__What you have to do__
Exactly reproduce the lines from the one holding "What crop and what condition" through the end of the records, including both boundary lines but no pictures.

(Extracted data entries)
<<<<
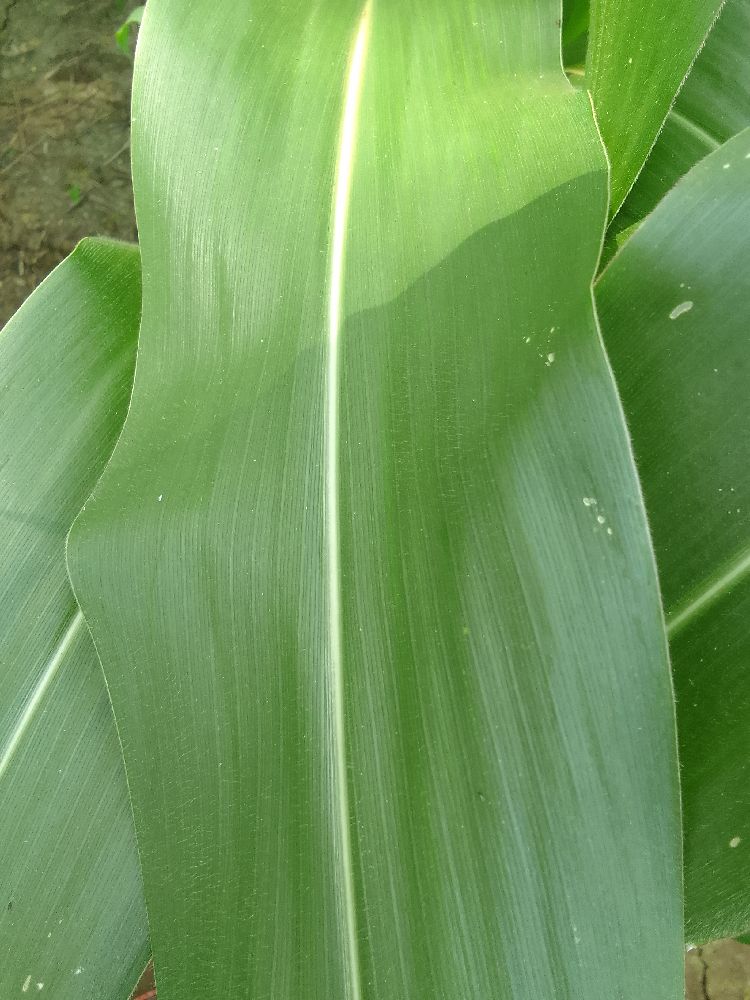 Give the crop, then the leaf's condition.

maize, healthy
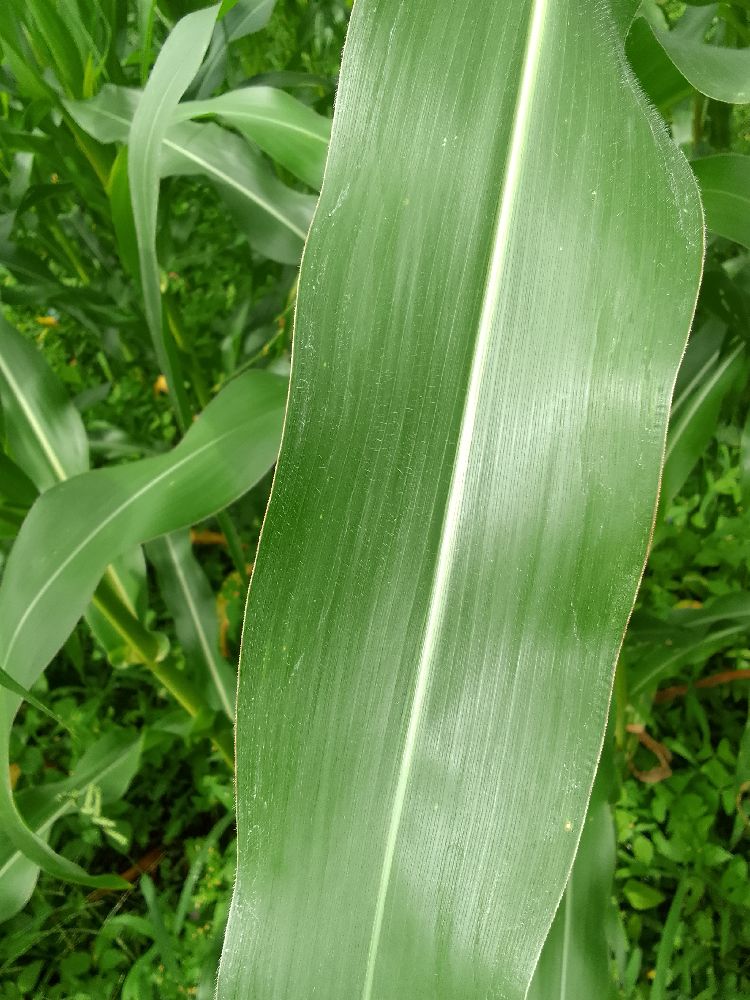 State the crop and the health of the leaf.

maize, healthy
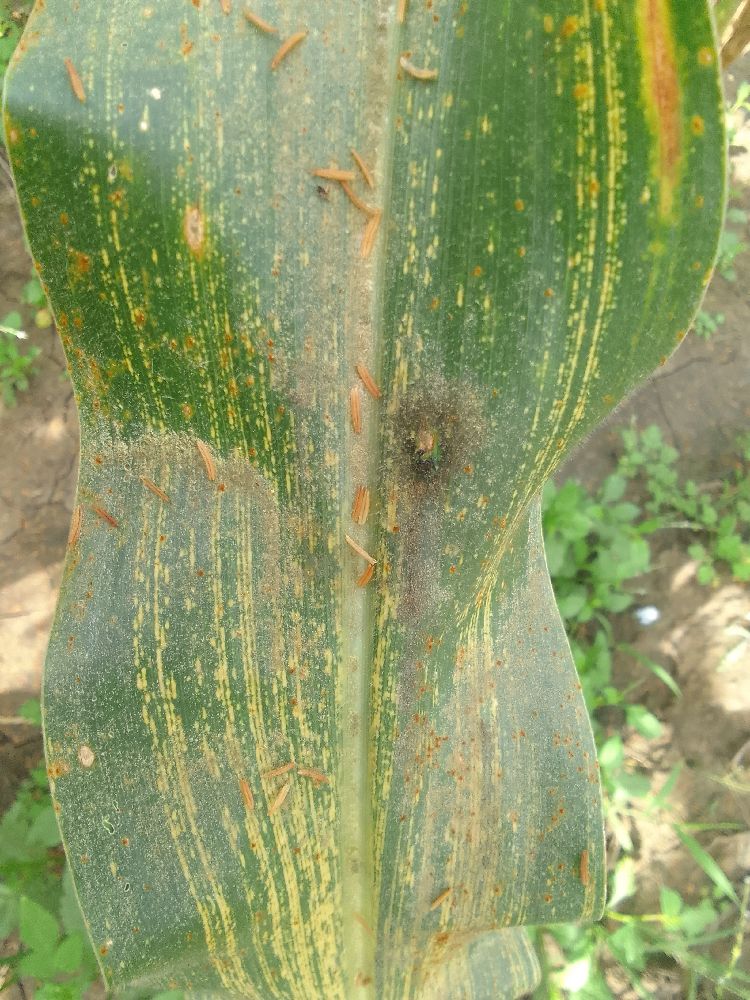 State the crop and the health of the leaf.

maize, maize streak virus
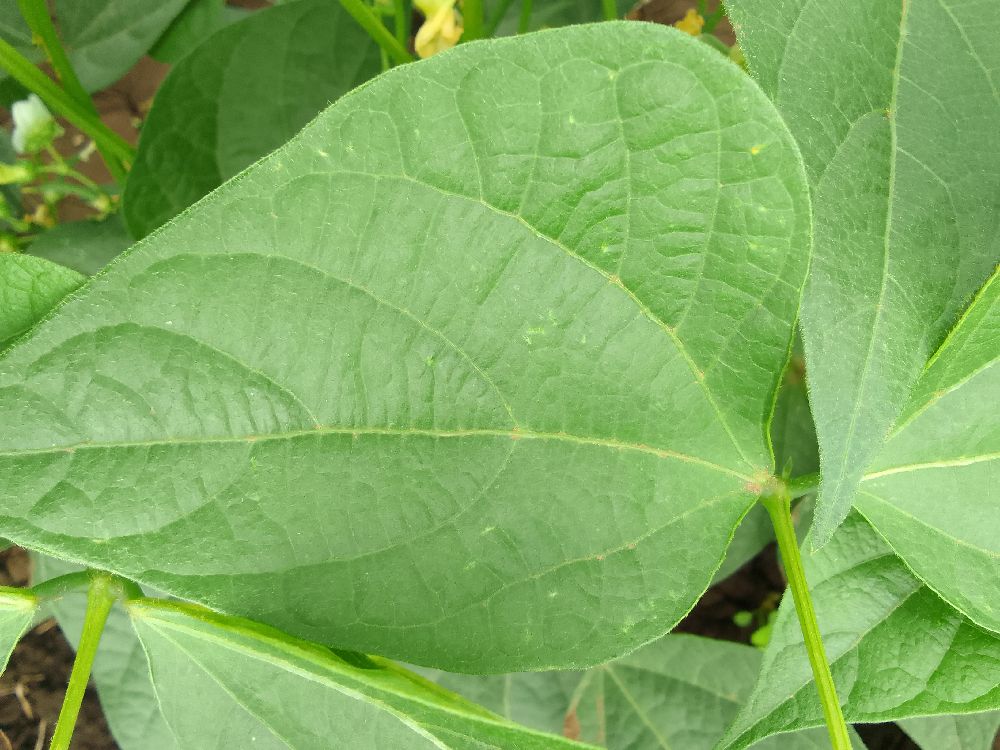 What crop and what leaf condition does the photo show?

common bean, healthy
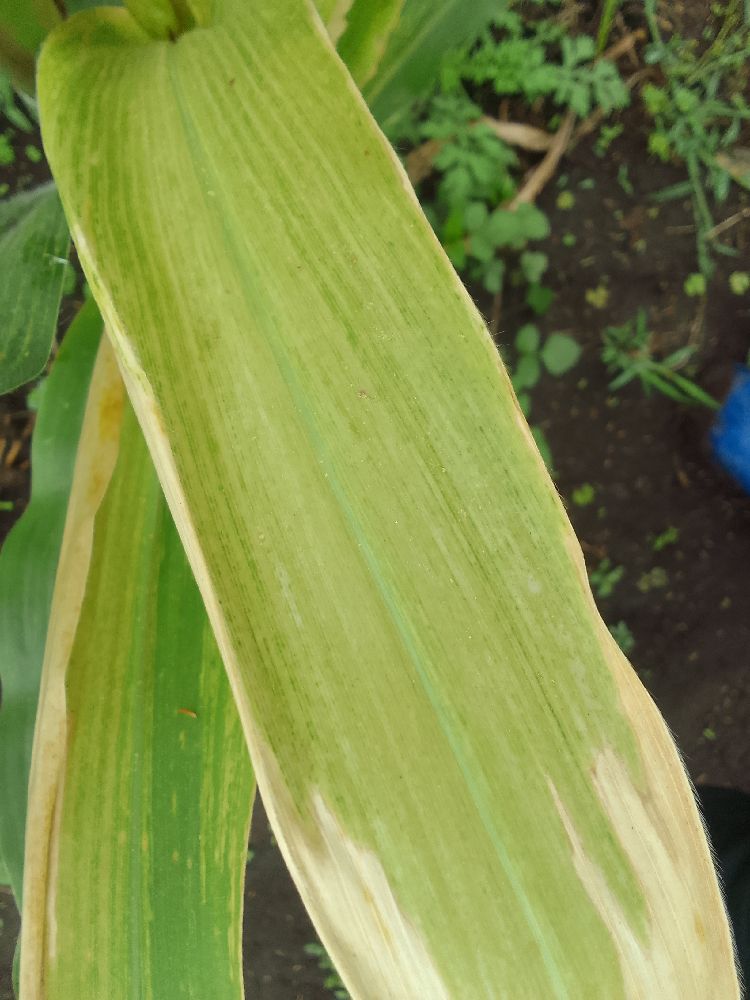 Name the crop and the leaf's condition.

maize, maize lethal necrosis
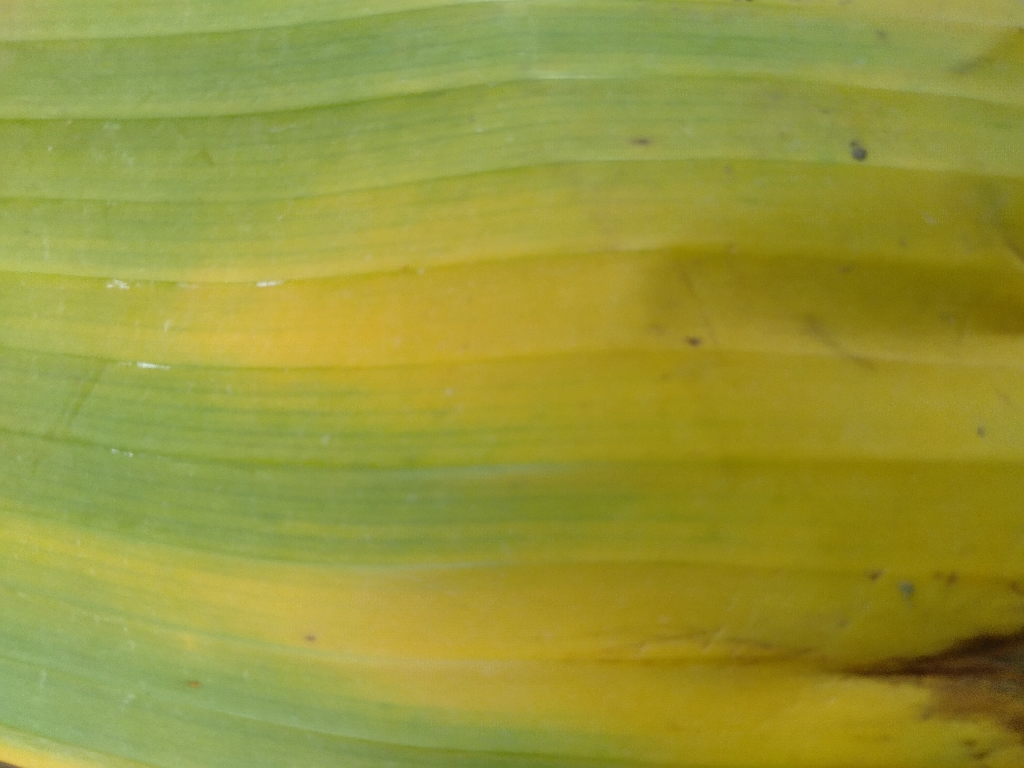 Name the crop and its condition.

banana, fusarium wilt race 1
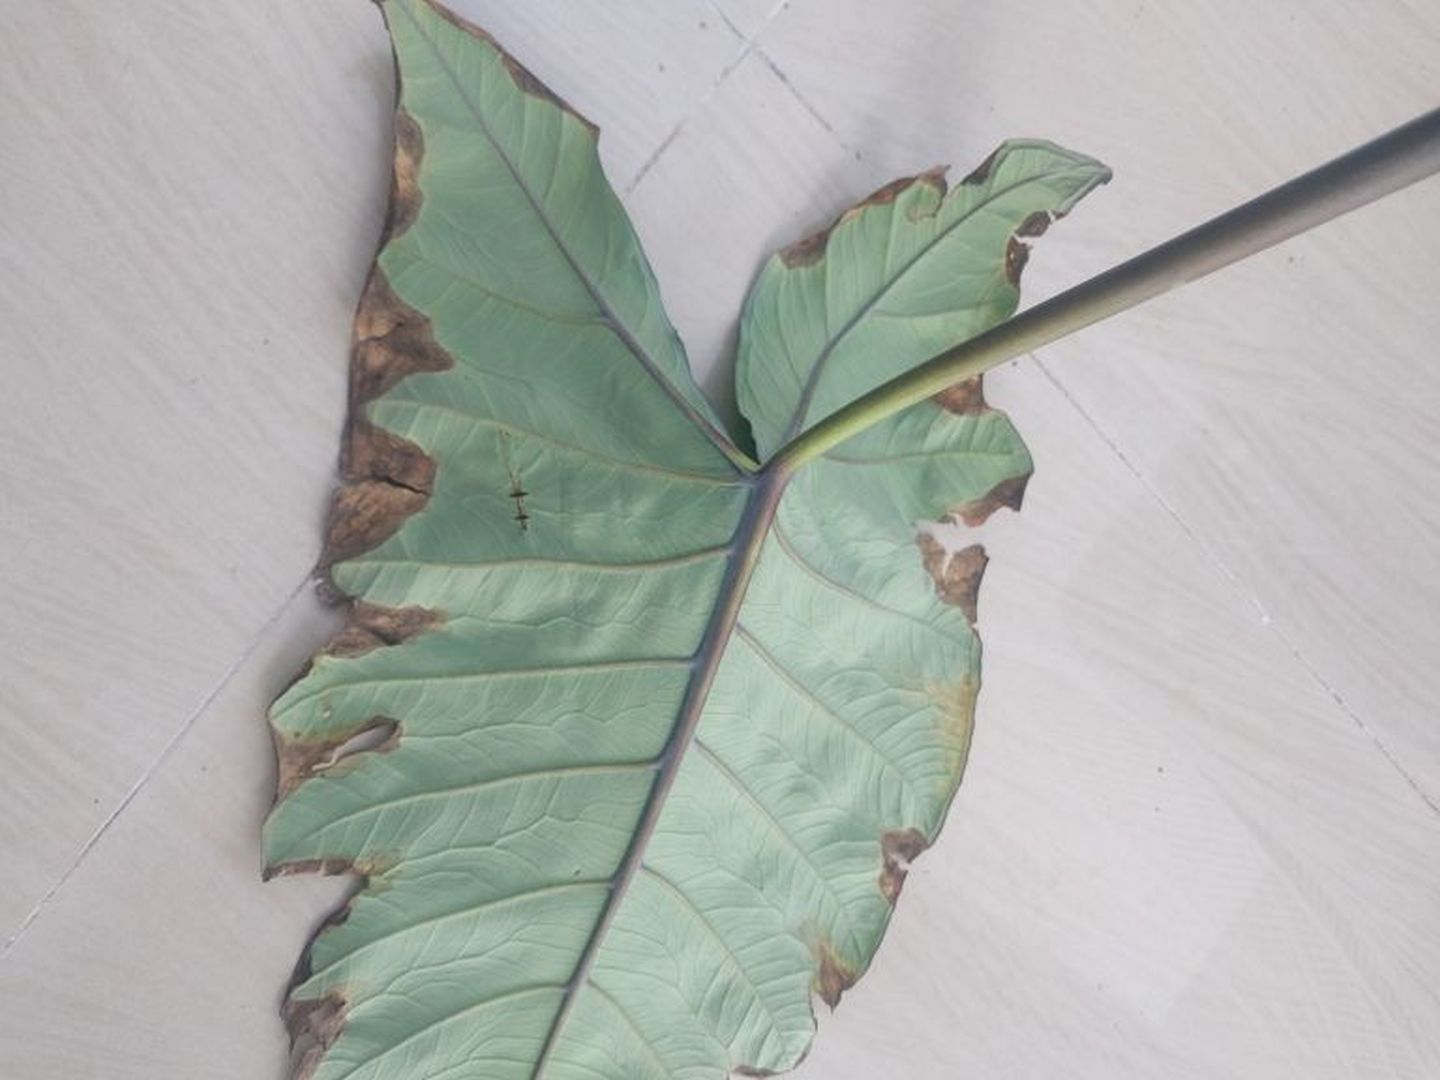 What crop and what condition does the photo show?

taro, leaf blight
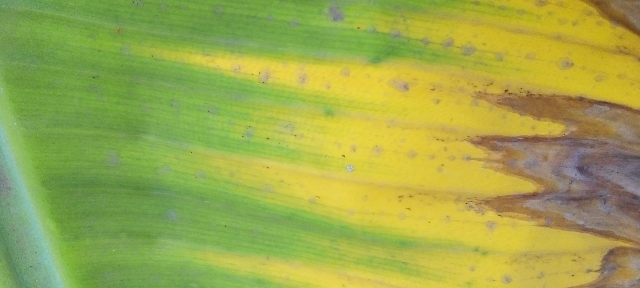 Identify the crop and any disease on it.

banana, fusarium wilt race 1
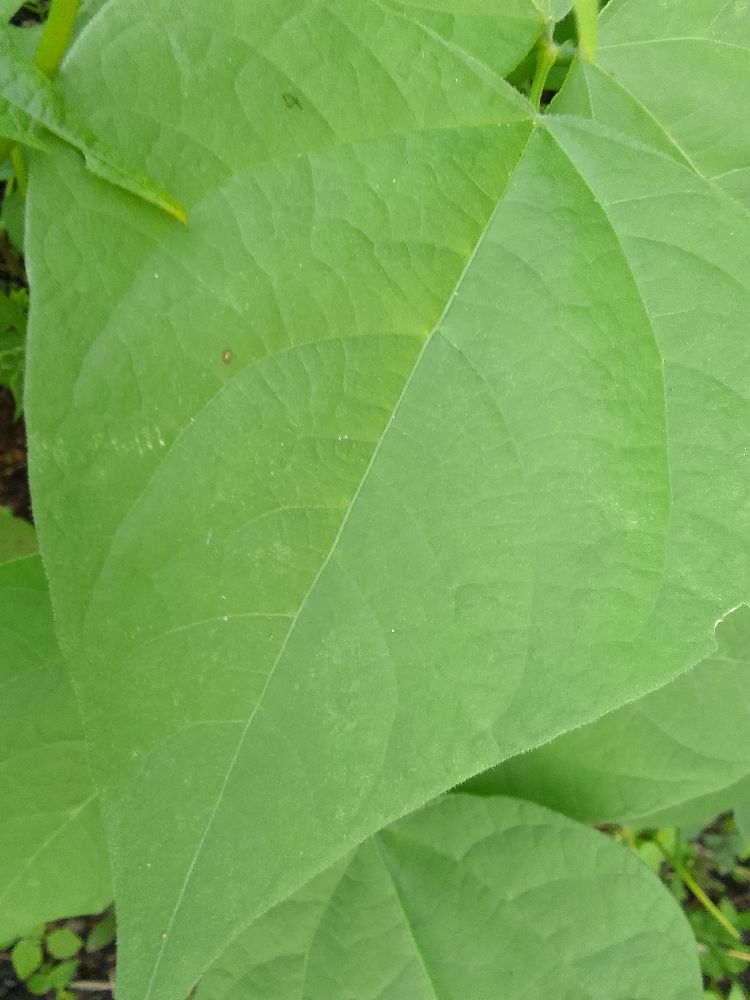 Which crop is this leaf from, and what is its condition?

common bean, healthy
>>>>
__Written response__
 What crop and what condition does the photo show?

taro, leaf blight
 Identify the crop and any disease on it.

banana, fusarium wilt race 1
 Which crop is this leaf from, and what is its condition?

common bean, healthy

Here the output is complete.